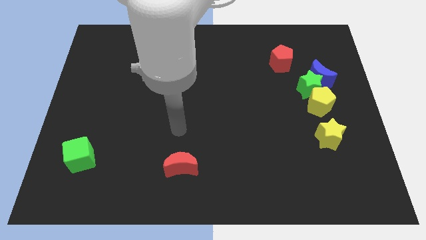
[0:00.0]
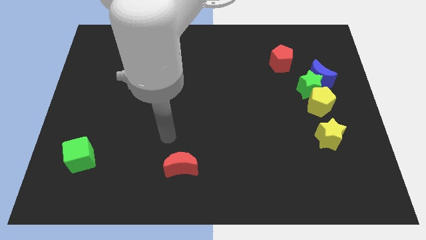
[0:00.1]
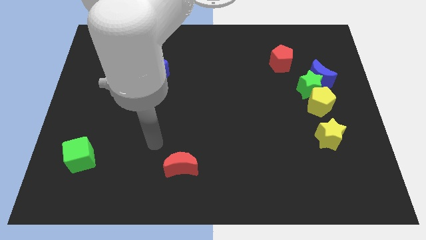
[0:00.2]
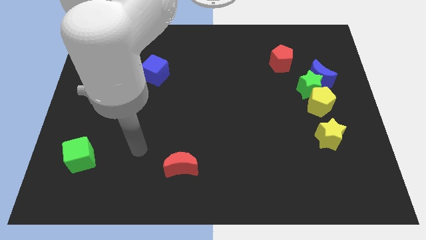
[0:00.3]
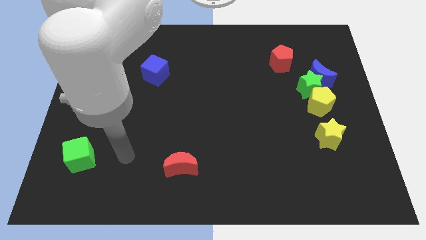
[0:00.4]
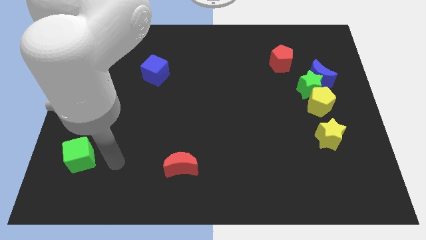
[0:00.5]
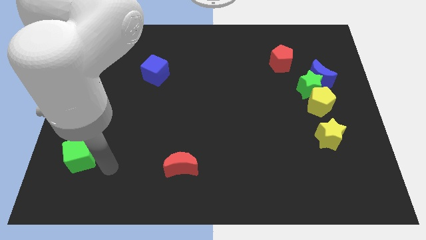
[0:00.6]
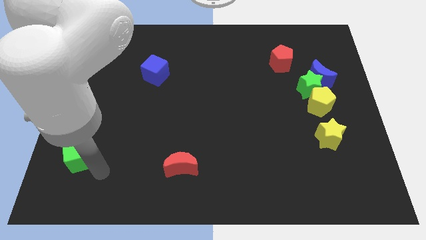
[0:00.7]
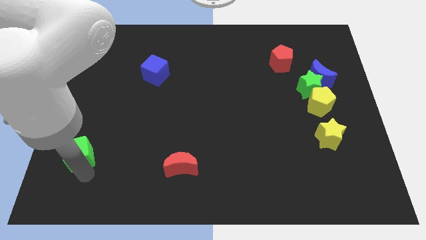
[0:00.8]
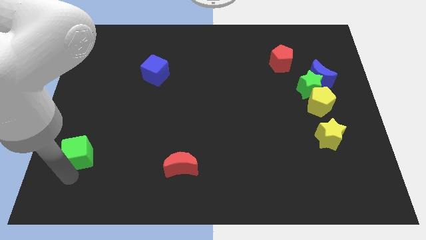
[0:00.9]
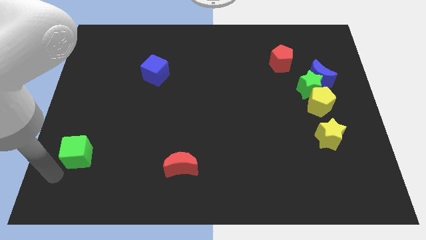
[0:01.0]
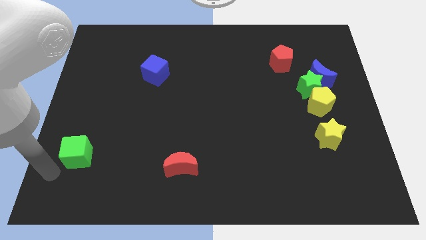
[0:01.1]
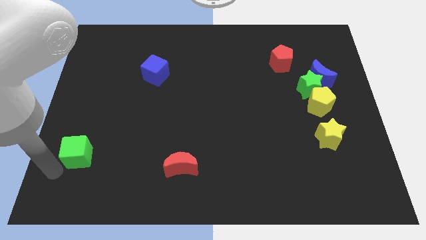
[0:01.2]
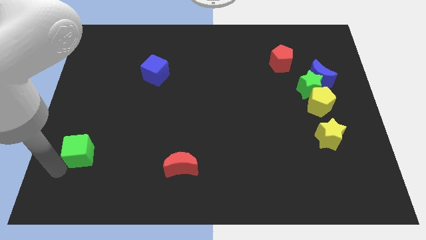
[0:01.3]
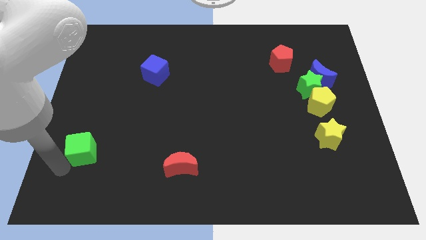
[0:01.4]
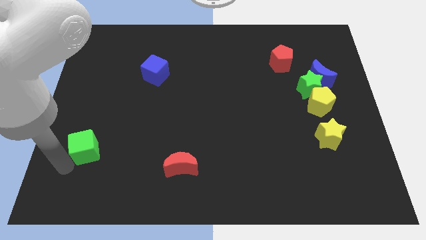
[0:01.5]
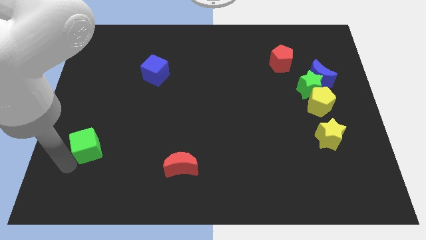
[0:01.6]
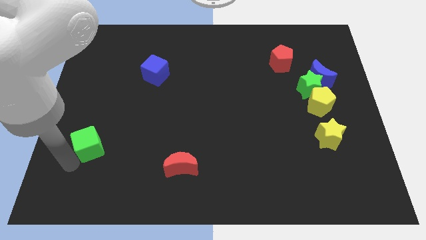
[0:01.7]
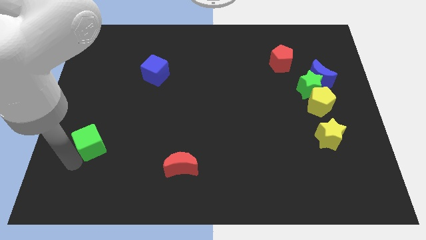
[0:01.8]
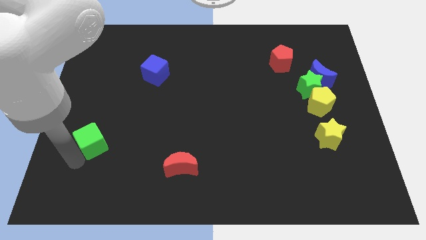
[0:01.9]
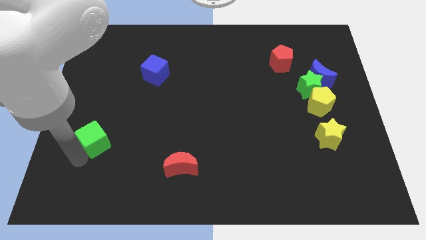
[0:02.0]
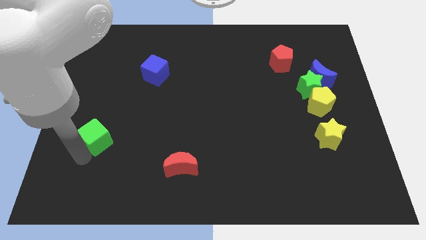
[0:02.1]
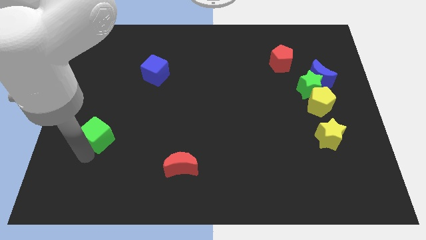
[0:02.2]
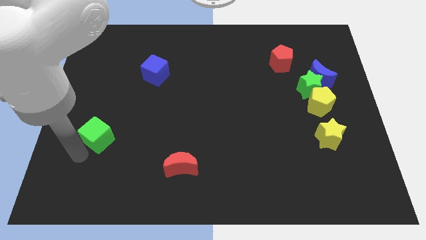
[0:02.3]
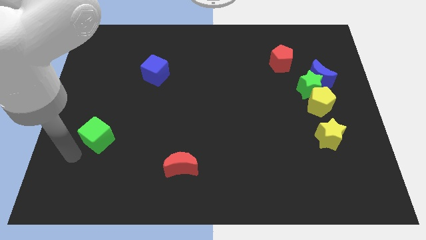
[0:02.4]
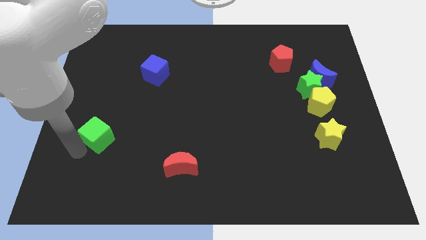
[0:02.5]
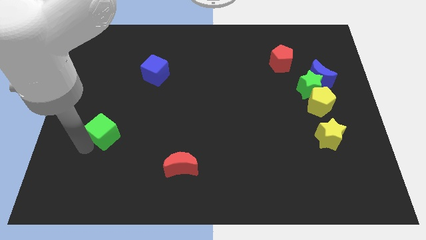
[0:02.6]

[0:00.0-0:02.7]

+ + + + +

- Work request -
What's needed is every line above, retyped exactly and free of pictures.

- Task response -
[0:00.0]
[0:00.1]
[0:00.2]
[0:00.3]
[0:00.4]
[0:00.5]
[0:00.6]
[0:00.7]
[0:00.8]
[0:00.9]
[0:01.0]
[0:01.1]
[0:01.2]
[0:01.3]
[0:01.4]
[0:01.5]
[0:01.6]
[0:01.7]
[0:01.8]
[0:01.9]
[0:02.0]
[0:02.1]
[0:02.2]
[0:02.3]
[0:02.4]
[0:02.5]
[0:02.6]

[0:00.0-0:02.7]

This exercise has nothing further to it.